■ Directions for this task
Everything from the line with "Uniform linear array" down to the line with "Half-power beamwidth (degrees): 93.24" below must be printed exactly, those two lines included. Exclude pictures.

■ Record extracts
= = = =

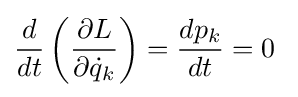
{\frac {d}{dt}}\left({\frac {\partial L}{\partial {\dot {q}}_{k}}}\right)={\frac {dp_{k}}{dt}}=0~
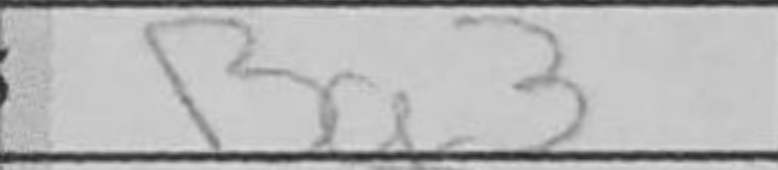
Transcription: Bg3
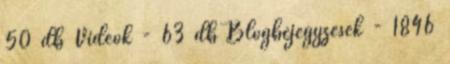
50 db Videók - 63 db Blogbejegyzések - 1846
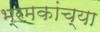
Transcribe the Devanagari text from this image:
भ्रमकांच्या
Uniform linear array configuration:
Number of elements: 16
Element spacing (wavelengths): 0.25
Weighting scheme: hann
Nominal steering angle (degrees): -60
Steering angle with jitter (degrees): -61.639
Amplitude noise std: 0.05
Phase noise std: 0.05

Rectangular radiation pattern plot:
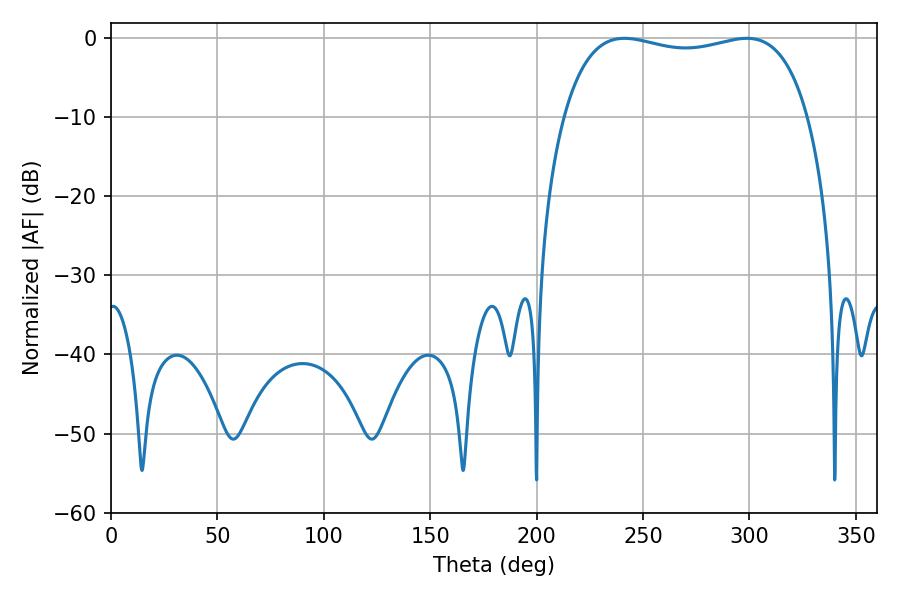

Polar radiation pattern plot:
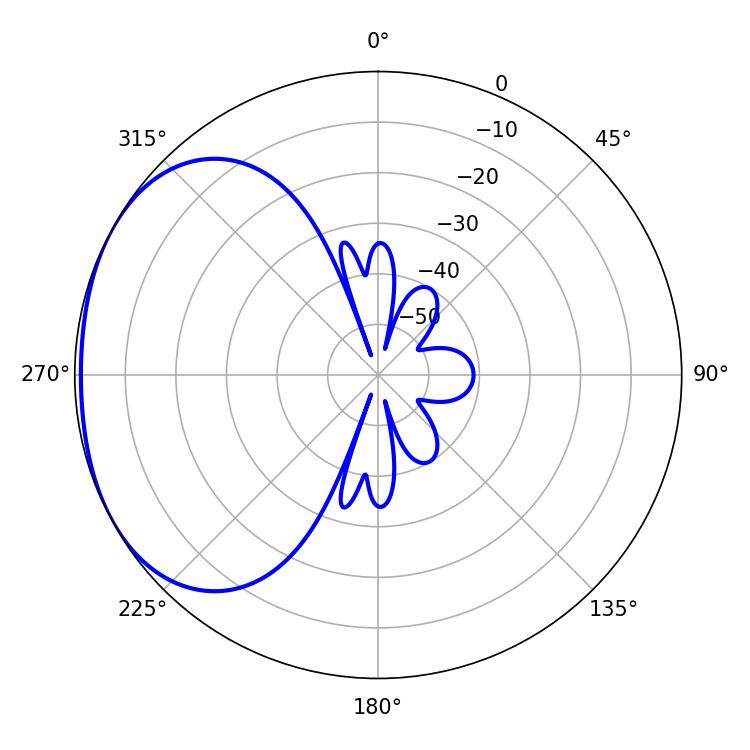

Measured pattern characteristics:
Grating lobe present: FALSE
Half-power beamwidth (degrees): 93.24
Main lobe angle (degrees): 241.2
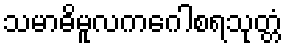
သမာဓိမူလကဂေါစရသုတ္တံ
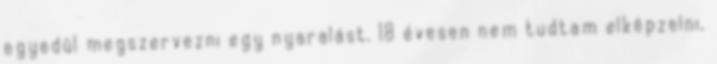
egyedül megszervezni egy nyaralást. 18 évesen nem tudtam elképzelni,
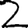
Digit: 2
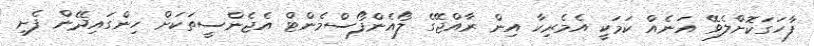
ފާހަގަކޮށްލެވޭ އަނެއް ކަމަކީ އެމެރިކާ އިން ރާއްޖޭގެ ލޯއެންފޯސްމެންޓް އެޖެންސީތަކަށް ހިންގައިދޭން ފެށި
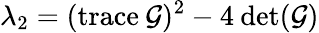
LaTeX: \lambda_{2}=(\mathrm{trace}\: \mathcal{G})^{2}-4\: \mathrm{det}(\mathcal{G})
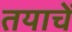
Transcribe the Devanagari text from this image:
तयाचें
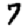
Digit: 7
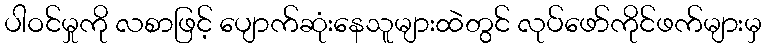
ပါဝင်မှုကို လစာဖြင့် ပျောက်ဆုံးနေသူများထဲတွင် လုပ်ဖော်ကိုင်ဖက်များမှ
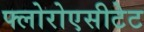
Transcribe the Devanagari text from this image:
फ्लोरोएसीटेट
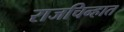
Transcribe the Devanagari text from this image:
राजचिन्हात
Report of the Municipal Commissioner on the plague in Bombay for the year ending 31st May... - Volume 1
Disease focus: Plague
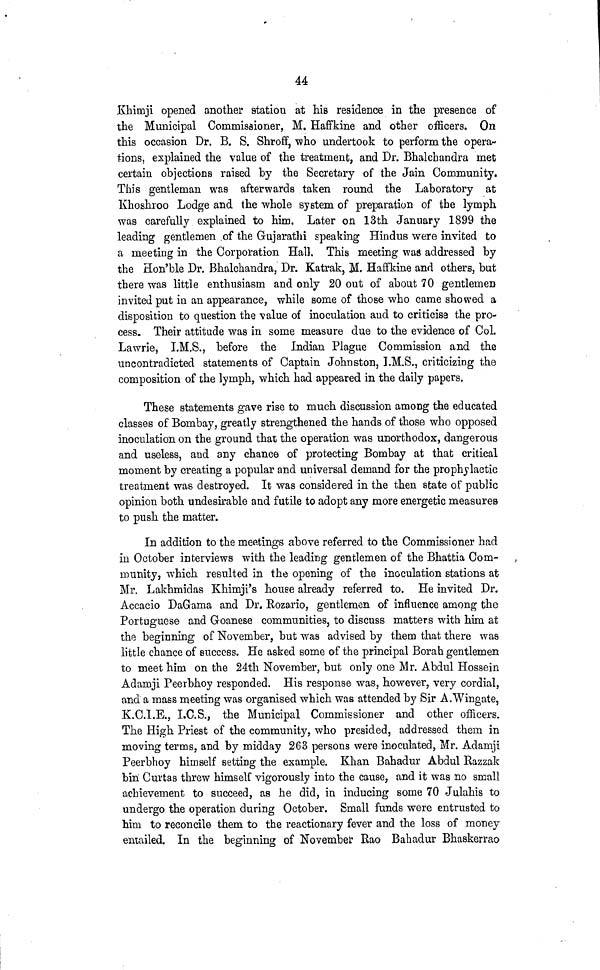
44
Khimji opened another station at his residence in the presence of
the Municipal Commissioner, M. Haffkine and other officers. On
this occasion Dr. B. S. Shroff, who undertook to perform the opera-
tions, explained the value of the treatment, and Dr. Bhalchandra met
certain objections raised by the Secretary of the Jain Community.
This gentleman was afterwards taken round the Laboratory at
Khoshroo Lodge and the whole system of preparation of the lymph
was carefully explained to him. Later on 13th January 1899 the
leading gentlemen of the Gujarathi speaking Hindus were invited to
a meeting in the Corporation Hall. This meeting was addressed by
the Hon'ble Dr. Bhalchandra, Dr. Katrak, M. Haffkine and others, but
there was little enthusiasm and only 20 out of about 70 gentlemen
invited put in an appearance, while some of those who came showed a
disposition to question the value of inoculation and to criticise the pro-
cess. Their attitude was in some measure due to the evidence of Col.
Lawrie, I.M.S., before the Indian Plague Commission and the
uncontradicted statements of Captain Johnston, I.M.S., criticizing the
composition of the lymph, which had appeared in the daily papers.
These statements gave rise to much discussion among the educated
classes of Bombay, greatly strengthened the hands of those who opposed
inoculation on the ground that the operation was unorthodox, dangerous
and useless, and any chance of protecting Bombay at that critical
moment by creating a popular and universal demand for the prophylactic
treatment was destroyed. It was considered in the then state o F public
opinion both undesirable and futile to adopt any more energetic measures
to push the matter.
In addition to the meetings above referred to the Commissioner had
in October interviews with the leading gentlemen of the Bhattia Com-
munity, which resulted in the opening of the inoculation stations at
Mr. Lakhmidas Khimji's house already referred to. He invited Dr.
Accacio DaGama and Dr. Rozario, gentlemen of influence among the
Portuguese and Goanese communities, to discuss matters with him at
the beginning of November, but was advised by them that there was
little chance of success. He asked some of the principal Borah gentlemen
to meet him on the 24th November, but only one Mr. Abdul Hossein
Adamji Peerbhoy responded. His response was, however, very cordial,
and a mass meeting was organised which was attended by Sir A.Wingate,
K.C.I.E., I.C.S., the Municipal Commissioner and other officers.
The High Priest of the community, who presided, addressed them in
moving terms, and by midday 263 persons were inoculated, Mr. Adamji
Peerbhoy himself setting the example. Khan Bahadur Abdul Razzak
bin Curtas threw himself vigorously into the cause, and it was no small
achievement to succeed, as he did, in inducing some 70 Julahis to
undergo the operation during October. Small funds were entrusted to
him to reconcile them to the reactionary fever and the loss of money
entailed. In the beginning of November Rao Bahadur Bhaskerrao
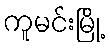
ကူမင်းမြို့
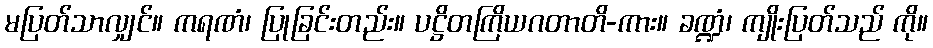
မပြတ်သာလျှင်။ ကရဏံ၊ ပြုခြင်းတည်း။ ပဋ္ဌိတကြိယဂတာတိ-ကား။ ခဏ္ဍံ၊ ကျိုးပြတ်သည် ကို။
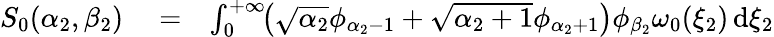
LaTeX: \begin{array}{rlr}{S_{0}(\alpha_{2},\beta_{2})}&{{}=}&{\int_{0}^{+\infty}\! \! \left(\sqrt{\alpha_{2}}\phi_{\alpha_{2}-1}+\sqrt{\alpha_{2}+1}\phi_{\alpha_{2}+1}\right)\phi_{\beta_{2}}\omega_{0}(\xi_{2})\, \mathrm{d}\xi_{2}}\end{array}
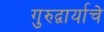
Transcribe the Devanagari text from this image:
गुरुद्वार्याचे
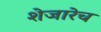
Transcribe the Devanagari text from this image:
शेजारेच
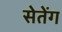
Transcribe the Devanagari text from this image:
सेतेंग
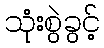
သုံးစွဲခွင့်
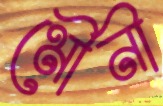
মৌনী
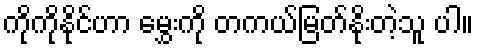
ကိုကိုနိုင်ဟာ မွှေးကို တကယ်မြတ်နိုးတဲ့သူ ပါ။
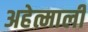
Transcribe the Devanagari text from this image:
अहेत्माली
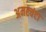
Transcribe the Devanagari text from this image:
अमरचंटा
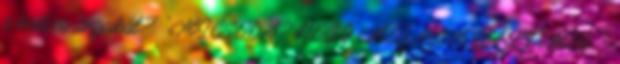
a kedves anyukát?" "MICSODA? HOGY MÉG NEM HALT MEG "
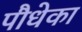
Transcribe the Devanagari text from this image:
पौधेका
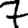
Digit: 7
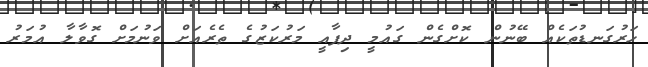
ހަރުގަނޑުތަކެއް ބޭނުން ކޮށްގެން ގައުމީ ދިފާއީ މަރުކަޒުގެ ތެރެއަށް ވަނުމަށް ގޮވާލާ އުމަރު
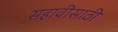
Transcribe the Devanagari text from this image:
सहावीसाठी
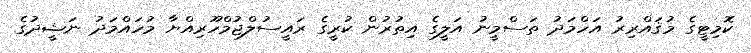
ކޮމިޓީގެ މުޤައްރިރު އަހްމަދު ތަސްމީނު އަލީގެ އިތުރުން ކުރީގެ ރައީސުލްޖުމްހޫރިއްޔާ މުހައްމަދު ނަޝީދުގެ
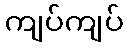
ကျပ်ကျပ်
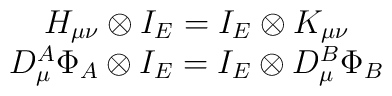
\begin{array}{c}H_{\mu \nu }\otimes I_E=I_E\otimes K_{\mu \nu } \\D_\mu ^A\Phi _A\otimes I_E=I_E\otimes D_\mu ^B\Phi _B\end{array}
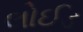
લોઈડ
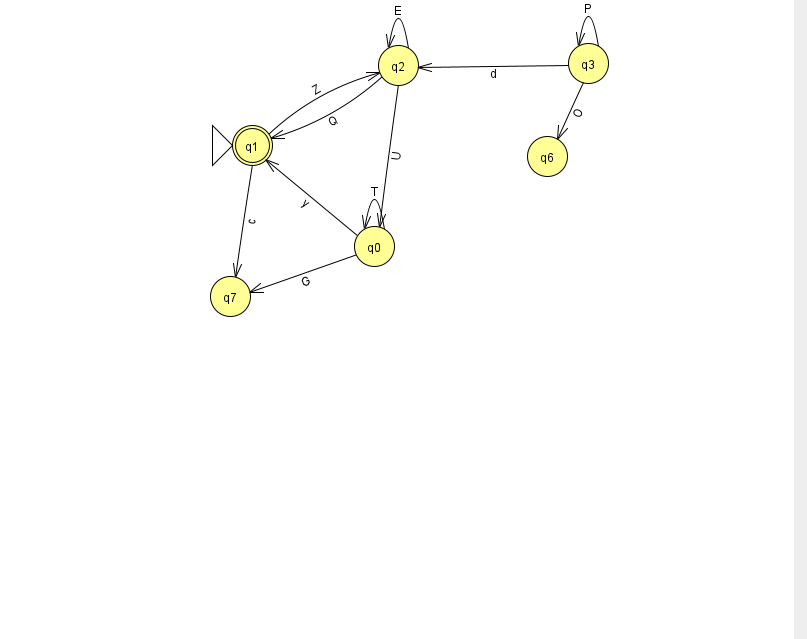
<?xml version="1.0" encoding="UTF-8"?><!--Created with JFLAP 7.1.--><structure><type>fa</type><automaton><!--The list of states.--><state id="0" name="q0"><x>374.0</x><y>233.0</y></state><state id="1" name="q1"><x>252.0</x><y>132.0</y><initial/><final/></state><state id="2" name="q2"><x>398.0</x><y>52.0</y></state><state id="3" name="q3"><x>588.0</x><y>50.0</y></state><state id="6" name="q6"><x>547.0</x><y>143.0</y></state><state id="7" name="q7"><x>230.0</x><y>283.0</y></state><!--The list of transitions.--><transition><from>3</from><to>3</to><read>P</read></transition><transition><from>0</from><to>0</to><read>T</read></transition><transition><from>2</from><to>0</to><read>U</read></transition><transition><from>2</from><to>2</to><read>E</read></transition><transition><from>2</from><to>1</to><read>Q</read></transition><transition><from>3</from><to>2</to><read>d</read></transition><transition><from>0</from><to>7</to><read>G</read></transition><transition><from>1</from><to>2</to><read>Z</read></transition><transition><from>0</from><to>1</to><read>y</read></transition><transition><from>1</from><to>7</to><read>c</read></transition><transition><from>3</from><to>6</to><read>O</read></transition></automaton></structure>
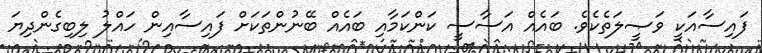
ފައިސާއަކީ ވަޞީލަތެކެވެ. ބައެއް އަސާސީ ކަންކަމާއި ބައެއް ބޭނުންތަކަށް ފައިސާއިން ހައްލު ލިބިގެންދިޔަ
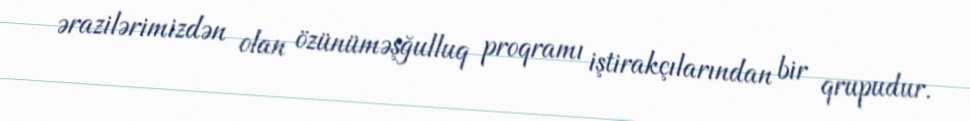
ərazilərimizdən olan özünüməşğulluq proqramı iştirakçılarından bir qrupudur.

= = = =

■ Worked solution
Uniform linear array configuration:
Number of elements: 16
Element spacing (wavelengths): 0.25
Weighting scheme: hann
Nominal steering angle (degrees): -60
Steering angle with jitter (degrees): -61.639
Amplitude noise std: 0.05
Phase noise std: 0.05

Rectangular radiation pattern plot:

Polar radiation pattern plot:

Measured pattern characteristics:
Grating lobe present: FALSE
Half-power beamwidth (degrees): 93.24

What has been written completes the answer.